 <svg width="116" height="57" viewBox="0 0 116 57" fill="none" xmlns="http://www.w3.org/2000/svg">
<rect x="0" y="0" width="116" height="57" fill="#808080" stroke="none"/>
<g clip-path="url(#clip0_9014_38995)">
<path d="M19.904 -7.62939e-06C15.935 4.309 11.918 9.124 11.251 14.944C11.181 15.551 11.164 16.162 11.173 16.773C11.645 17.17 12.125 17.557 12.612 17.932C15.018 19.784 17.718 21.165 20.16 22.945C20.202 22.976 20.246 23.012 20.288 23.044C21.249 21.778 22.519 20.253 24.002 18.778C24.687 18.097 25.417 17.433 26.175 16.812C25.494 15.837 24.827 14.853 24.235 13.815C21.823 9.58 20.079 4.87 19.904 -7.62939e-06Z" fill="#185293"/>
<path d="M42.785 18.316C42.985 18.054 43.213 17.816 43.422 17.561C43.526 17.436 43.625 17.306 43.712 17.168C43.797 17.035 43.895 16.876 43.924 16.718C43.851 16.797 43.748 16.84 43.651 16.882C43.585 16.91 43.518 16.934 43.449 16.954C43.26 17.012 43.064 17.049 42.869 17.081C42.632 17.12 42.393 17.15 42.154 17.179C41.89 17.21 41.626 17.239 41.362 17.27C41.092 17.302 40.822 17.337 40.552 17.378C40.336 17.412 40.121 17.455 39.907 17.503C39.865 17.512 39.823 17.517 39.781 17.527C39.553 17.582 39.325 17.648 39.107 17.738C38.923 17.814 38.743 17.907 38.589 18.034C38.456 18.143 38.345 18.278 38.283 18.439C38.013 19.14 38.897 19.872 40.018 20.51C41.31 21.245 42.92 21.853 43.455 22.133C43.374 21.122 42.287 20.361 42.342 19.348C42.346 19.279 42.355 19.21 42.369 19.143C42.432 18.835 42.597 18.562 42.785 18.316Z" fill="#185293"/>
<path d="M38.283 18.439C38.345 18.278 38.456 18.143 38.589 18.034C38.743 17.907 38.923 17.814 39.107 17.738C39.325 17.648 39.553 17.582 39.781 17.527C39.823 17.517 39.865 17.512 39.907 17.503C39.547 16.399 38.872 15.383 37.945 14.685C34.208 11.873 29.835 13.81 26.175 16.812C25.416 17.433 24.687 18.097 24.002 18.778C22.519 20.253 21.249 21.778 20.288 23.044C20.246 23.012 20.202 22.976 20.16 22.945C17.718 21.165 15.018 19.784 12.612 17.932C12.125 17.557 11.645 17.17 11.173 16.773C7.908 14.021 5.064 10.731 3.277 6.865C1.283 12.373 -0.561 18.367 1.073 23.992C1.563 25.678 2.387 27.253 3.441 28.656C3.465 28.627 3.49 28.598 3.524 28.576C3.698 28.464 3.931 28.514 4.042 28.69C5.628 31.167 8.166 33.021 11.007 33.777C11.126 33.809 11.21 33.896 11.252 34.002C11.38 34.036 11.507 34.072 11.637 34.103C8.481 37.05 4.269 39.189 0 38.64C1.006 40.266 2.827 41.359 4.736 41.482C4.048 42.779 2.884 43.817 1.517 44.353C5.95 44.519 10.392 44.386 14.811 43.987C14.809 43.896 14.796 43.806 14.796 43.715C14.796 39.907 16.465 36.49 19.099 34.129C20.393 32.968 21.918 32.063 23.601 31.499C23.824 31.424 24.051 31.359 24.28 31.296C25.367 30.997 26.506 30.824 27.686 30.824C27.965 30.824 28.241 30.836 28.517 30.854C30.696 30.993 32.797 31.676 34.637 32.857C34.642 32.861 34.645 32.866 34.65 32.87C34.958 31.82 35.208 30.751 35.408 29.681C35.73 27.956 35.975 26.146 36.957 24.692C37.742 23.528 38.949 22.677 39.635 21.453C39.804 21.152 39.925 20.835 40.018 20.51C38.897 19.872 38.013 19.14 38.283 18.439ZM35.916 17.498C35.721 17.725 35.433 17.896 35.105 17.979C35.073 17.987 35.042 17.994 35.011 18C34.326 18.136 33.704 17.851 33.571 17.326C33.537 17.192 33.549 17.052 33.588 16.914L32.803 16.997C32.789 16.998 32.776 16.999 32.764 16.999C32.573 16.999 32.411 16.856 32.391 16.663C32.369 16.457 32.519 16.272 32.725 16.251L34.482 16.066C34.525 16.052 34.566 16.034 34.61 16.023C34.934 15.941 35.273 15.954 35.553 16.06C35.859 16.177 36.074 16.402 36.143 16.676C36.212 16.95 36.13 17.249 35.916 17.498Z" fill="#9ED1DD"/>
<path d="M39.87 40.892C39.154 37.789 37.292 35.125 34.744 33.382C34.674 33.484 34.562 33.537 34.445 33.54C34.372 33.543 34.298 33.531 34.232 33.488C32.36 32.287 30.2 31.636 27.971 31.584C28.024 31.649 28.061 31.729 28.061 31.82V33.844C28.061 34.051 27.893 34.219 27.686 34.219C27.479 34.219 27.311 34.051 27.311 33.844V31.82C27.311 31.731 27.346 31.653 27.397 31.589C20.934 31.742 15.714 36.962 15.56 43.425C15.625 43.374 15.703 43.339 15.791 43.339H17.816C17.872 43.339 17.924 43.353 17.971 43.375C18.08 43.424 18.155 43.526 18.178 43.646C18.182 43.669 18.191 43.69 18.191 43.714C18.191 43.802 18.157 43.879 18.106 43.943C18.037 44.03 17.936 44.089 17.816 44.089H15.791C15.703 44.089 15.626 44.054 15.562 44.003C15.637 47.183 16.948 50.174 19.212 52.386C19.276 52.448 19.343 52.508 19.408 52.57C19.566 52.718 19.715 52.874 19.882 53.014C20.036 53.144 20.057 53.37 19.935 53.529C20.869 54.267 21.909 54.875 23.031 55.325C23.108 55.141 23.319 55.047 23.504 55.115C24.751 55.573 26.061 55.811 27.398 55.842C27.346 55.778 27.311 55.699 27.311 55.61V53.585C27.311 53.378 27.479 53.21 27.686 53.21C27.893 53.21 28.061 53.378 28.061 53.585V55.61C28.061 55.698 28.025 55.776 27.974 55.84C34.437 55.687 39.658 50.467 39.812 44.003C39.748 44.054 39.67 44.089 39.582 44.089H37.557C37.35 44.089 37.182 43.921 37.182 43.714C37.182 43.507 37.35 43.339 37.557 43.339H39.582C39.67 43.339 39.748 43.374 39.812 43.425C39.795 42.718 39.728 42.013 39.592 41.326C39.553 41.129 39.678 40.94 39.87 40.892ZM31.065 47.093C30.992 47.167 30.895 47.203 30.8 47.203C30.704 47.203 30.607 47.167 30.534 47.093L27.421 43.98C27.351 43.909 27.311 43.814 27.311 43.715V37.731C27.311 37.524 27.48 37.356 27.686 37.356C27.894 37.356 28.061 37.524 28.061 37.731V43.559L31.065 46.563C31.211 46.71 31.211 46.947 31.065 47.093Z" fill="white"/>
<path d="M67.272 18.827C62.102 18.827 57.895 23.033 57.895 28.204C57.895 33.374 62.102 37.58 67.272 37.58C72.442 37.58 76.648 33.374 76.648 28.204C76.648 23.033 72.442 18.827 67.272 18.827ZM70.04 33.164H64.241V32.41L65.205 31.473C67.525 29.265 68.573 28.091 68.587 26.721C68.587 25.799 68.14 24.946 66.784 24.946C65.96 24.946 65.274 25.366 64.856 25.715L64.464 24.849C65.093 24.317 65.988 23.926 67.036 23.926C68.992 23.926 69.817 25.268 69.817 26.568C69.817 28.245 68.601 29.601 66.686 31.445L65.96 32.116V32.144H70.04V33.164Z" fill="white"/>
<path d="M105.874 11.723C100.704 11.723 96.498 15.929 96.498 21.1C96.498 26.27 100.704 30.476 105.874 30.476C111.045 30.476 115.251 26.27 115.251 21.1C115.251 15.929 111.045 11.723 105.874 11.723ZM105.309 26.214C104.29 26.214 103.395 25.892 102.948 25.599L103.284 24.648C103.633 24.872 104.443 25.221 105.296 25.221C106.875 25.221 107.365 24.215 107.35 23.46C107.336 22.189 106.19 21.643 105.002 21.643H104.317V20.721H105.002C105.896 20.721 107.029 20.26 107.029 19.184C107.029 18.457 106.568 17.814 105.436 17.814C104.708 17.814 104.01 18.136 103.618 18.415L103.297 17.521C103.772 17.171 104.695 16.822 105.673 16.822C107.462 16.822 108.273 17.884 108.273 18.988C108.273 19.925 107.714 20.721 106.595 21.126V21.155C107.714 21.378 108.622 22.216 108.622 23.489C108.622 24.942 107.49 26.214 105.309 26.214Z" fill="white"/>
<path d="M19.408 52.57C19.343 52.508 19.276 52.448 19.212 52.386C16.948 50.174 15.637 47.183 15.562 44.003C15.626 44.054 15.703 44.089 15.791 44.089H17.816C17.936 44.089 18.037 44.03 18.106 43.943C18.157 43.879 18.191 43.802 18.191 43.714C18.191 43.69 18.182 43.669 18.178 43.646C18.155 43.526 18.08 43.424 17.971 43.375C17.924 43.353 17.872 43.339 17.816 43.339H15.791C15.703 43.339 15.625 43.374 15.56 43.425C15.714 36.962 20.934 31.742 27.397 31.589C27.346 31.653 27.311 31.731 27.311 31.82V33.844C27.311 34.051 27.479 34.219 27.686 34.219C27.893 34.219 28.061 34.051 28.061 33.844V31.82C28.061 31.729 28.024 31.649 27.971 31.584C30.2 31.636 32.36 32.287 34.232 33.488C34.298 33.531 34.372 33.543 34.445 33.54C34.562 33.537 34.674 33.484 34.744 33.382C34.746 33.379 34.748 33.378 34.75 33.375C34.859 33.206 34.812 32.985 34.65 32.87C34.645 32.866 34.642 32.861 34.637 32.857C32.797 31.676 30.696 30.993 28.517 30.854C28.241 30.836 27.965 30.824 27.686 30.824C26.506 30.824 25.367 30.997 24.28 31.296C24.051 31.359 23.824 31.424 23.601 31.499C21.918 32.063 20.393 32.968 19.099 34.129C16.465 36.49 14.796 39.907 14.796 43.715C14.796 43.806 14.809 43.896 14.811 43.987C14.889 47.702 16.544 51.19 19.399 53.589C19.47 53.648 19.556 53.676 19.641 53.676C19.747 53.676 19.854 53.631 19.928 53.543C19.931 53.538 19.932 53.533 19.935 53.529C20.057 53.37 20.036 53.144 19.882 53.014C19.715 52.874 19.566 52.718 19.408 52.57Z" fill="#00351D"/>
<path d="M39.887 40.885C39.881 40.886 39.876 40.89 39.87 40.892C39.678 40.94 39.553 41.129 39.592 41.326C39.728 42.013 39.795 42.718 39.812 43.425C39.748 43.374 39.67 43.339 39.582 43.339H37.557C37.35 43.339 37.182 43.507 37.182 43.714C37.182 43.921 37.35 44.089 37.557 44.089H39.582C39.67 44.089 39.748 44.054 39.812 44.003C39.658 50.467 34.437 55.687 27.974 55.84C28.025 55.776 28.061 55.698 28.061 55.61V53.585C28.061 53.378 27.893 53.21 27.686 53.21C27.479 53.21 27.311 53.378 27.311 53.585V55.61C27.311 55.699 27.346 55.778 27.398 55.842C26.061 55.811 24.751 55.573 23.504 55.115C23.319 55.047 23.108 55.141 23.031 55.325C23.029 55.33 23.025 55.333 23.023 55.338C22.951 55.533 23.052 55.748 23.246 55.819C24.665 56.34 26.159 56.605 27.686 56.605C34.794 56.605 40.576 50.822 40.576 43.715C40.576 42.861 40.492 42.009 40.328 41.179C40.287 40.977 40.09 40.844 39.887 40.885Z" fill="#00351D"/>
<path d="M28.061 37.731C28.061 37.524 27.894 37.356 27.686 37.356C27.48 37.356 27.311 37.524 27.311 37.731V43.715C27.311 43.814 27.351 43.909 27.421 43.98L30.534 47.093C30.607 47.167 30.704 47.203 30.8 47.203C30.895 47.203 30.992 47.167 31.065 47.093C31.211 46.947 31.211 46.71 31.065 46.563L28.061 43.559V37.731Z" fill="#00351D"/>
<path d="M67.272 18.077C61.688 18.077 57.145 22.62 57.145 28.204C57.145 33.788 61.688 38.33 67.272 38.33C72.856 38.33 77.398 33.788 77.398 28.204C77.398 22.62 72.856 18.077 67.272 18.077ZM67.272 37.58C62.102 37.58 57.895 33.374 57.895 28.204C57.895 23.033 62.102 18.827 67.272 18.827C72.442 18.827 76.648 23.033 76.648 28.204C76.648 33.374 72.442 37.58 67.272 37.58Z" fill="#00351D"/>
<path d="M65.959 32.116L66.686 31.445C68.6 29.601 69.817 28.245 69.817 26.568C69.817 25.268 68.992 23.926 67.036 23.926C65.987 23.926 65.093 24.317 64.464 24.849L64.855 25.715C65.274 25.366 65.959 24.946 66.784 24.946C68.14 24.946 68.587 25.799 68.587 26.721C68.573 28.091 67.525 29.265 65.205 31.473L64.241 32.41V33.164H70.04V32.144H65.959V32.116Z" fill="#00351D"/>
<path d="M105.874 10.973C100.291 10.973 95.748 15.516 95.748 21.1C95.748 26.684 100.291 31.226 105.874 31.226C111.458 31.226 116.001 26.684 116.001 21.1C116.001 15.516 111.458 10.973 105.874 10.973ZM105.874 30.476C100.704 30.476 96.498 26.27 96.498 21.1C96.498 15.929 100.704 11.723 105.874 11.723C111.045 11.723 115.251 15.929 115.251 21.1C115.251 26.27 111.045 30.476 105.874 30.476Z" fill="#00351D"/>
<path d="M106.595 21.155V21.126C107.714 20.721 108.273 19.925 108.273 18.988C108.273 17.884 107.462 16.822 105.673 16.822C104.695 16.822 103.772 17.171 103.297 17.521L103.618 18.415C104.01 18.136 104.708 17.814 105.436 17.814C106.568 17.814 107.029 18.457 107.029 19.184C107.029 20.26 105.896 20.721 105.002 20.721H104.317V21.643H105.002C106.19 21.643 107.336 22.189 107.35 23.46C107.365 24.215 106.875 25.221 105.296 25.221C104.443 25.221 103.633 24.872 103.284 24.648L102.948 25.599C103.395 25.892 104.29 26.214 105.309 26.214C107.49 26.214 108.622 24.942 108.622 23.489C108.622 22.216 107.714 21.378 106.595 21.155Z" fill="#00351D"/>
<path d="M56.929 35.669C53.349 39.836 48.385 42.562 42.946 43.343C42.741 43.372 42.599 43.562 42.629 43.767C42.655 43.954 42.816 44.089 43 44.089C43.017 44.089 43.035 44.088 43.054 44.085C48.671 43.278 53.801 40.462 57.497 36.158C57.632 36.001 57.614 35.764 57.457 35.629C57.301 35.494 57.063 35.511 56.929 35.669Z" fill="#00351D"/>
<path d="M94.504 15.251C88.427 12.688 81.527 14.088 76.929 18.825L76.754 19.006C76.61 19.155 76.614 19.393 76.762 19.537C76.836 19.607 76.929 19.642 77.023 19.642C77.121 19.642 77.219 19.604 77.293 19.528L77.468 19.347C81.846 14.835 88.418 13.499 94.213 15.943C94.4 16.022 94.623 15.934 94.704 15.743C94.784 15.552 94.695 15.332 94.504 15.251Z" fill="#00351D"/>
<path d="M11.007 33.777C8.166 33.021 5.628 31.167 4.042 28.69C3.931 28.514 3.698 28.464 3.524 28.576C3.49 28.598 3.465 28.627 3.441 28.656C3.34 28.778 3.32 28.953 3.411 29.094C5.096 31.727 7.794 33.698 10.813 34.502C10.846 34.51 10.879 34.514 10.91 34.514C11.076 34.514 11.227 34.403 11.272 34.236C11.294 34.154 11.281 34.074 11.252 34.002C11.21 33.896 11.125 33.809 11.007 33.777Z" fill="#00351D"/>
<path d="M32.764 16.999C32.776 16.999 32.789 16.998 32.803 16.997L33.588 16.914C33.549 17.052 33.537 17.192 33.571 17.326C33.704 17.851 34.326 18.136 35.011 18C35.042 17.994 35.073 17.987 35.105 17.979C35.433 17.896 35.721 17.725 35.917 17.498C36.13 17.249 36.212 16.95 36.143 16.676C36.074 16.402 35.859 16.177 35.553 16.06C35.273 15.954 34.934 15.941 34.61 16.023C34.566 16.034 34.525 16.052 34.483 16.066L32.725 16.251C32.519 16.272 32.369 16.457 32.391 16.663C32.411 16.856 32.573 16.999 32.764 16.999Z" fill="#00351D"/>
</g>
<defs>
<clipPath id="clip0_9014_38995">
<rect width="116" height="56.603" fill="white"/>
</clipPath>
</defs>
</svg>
——
Tally every line of the entries that contains the word "height", and respond with that number only.

3